Мародеры у бачков обычно следовали по протоптанным звериным тропинкам через лесок и приходили к каменистому известняковому откосу с задней стороны его виллы. Бузи не поднимался по этому откосу со времен детства, но он до сих пор помнил растянутые связки щиколоток и руки в синяках, едкое жжение мази, которой растирала его мать. Лесок за его домом и к востоку от него был опасным и располагался на крутом склоне, а потому любое существо, спускавшееся во двор и выходившее на открытое пространство, неминуемо сообщало о своем появлении либо ползущей вниз известняковой щебенкой, либо падающим камнем, либо треснувшей веткой, и Бузи мог ожидать в шумные ночи жестяную симфонию мусорных бачков и звуки драк, лая и остерегающего рычания животных.

Были, конечно, и обычные звуки.
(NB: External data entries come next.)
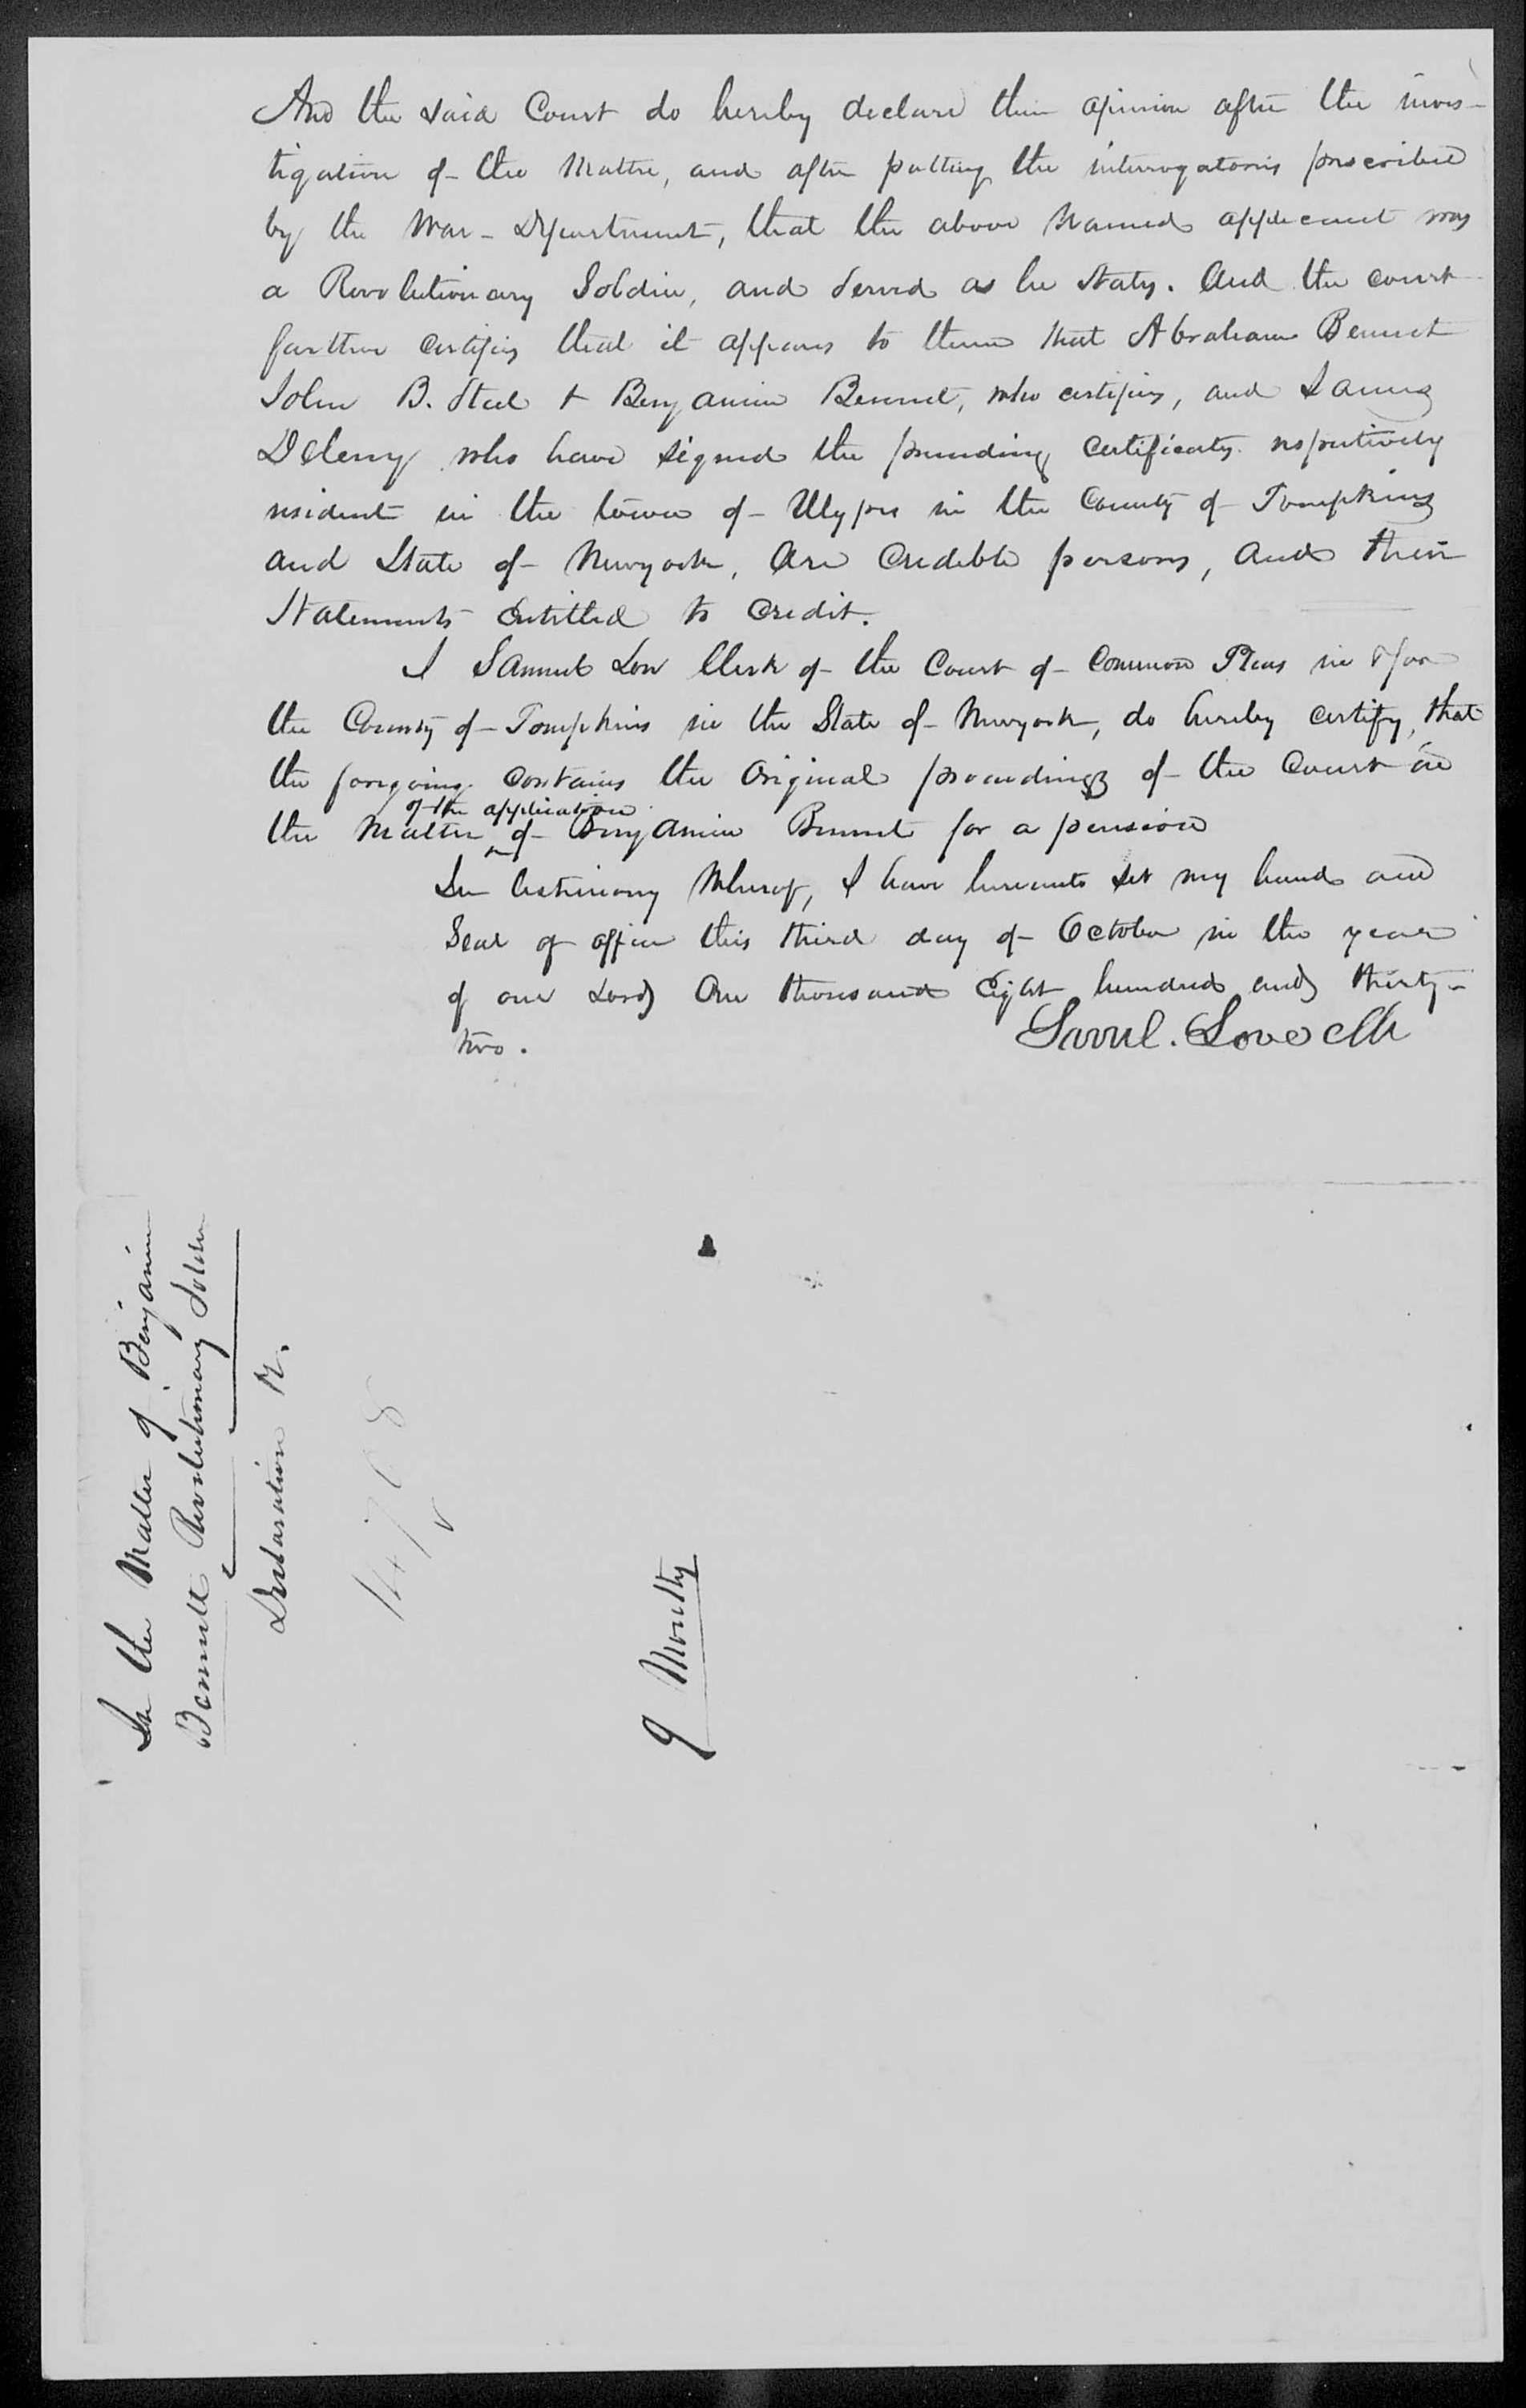And the said Court do hereby declare their opinion after the investigation of the Matter, and after putting the interrogatories prescribed by the War Department, that the above Named applicant was a Revolutionary Soldier, and Served as he states. And the Court further certifies that it appears to them that Abraham Bennet John B. Steel & Benjamin Bennet, who certifies, and James Delaney who have signed the preceding certificates respectively residents in the town of Ulysses in the County of Tompkins and State of Newyork, Are credible persons, and their Statements entitled to credit.

I Samuel Low Clerk of the Court of Common Pleas in for the County of Tompkins in the State of Newyork, do hereby certify, that the foregoing contains the original proceedings of the Court in the matter [of the application -- inserted] of Benjamin Bennet for a pension
In testimony Whereof, I have hereunto set my hand and Seal of office this third day of October in the year of our Lord one thousand Eight hundred and thirty-two.  Saml Low  Clk [signature] 

[written vertically bottom towards top of page in the lower left corner of the age] 
In the matter of Benjamin Bennett Revolutionary Soldier Declaration M. 14708 [check mark] 9 Months

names: John B Steel, Benjamin Bennett, Samuel Law, Saml Loweth, Benjamin Bennet, Benjamin Bennet, James Deleny, Abraham Bennet
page: 7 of 16
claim: survivor's
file: S. 12175, Benjamin Bennett, Penn.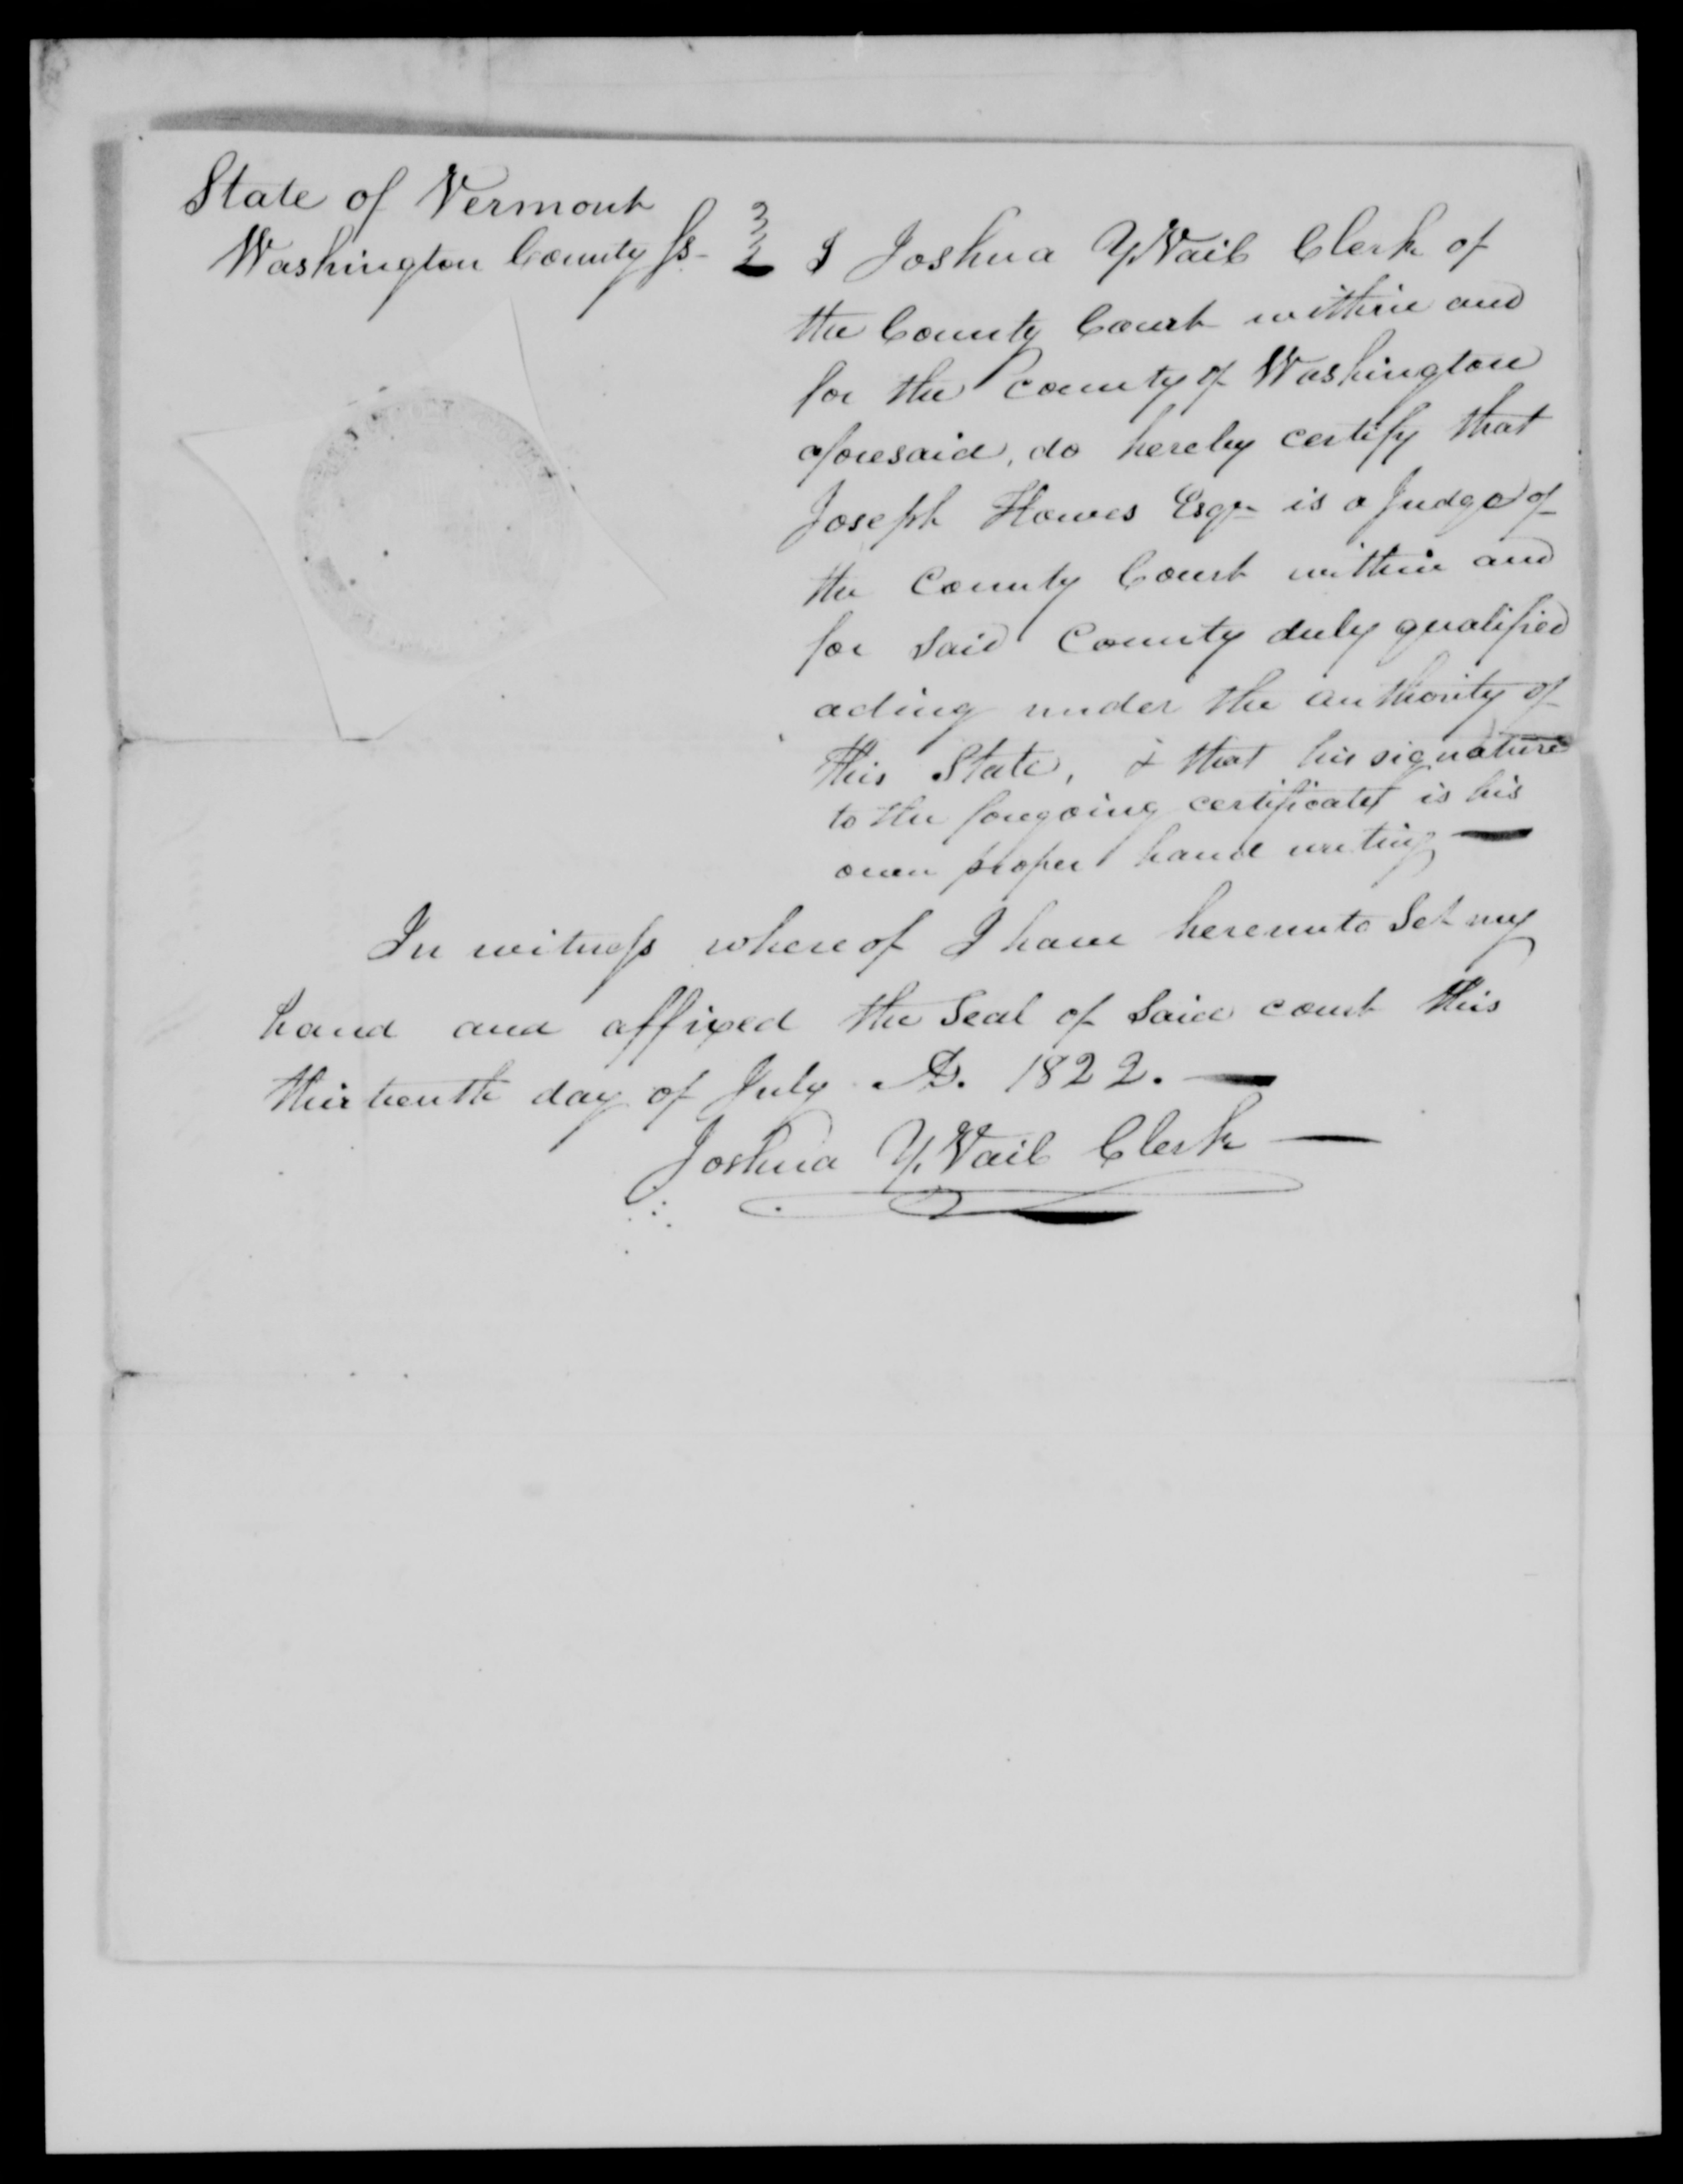State of Vermont
Washington County Ss
(seal)
I Joshua Y. Vail Clerk of the County Court within and for the county of Washington aforesaid do hereby certify that Joseph Howes Esq. is a Judge of the county Court within and for said county duly qualified acting under the authority of this State, & that his signature to the foregoing certificate is his own proper hand writing.
In witness whereof I have hereunto set my hand and affixed the Seal of sid court this thirteenth day of July AD 1822.
Joshua Y. Vail, Clerk

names: Joshua Y Nail, Joseph Howes
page: 40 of 79
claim: survivor's
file: S. 11759, Samuel White, Mass.

И движение. Теперь, когда его глаза привыкли к сумраку, Бузи видел неотчетливые очертания своих гостей и сверкающие глаза котов, но больше почти ничего. Когда Алисия была жива, он не раз видел факелы во дворе и тогда понимал, что на трапезу собрались люди, какие-то бродяги, надеясь на подачку богача, нищие из сада Попрошаек, которые пришли во двор, чтобы попинать своими драными ботинками всякую дрянь – может, под ней обнаружится что-то съедобное, или полезное, или ценное, или яркое. Бедняки вели себя тише, чем животные, и воинственнее. Эти люди были одновременно и хищниками, и жертвами и понимали, чем им грозит незаконное проникновение на чужую территорию, если они будут пойманы. Они поднимали крышки и переворачивали бачки с той же осторожностью, с какой служанки распаковывают фарфор. Только раз один из них попытался проникнуть на виллу, но он – а может, она – перетрусил, как только увидел два лица, смотревших сквозь стекло высокого окна. Бузи и Алисию разбудили звуки силой распахнутых ворот во дворе – не тихое проникновение на их территорию, доведенное до совершенства животными, – теперь они увидели испуганного гостя и его отступление, услышали стихающие шаги на улице.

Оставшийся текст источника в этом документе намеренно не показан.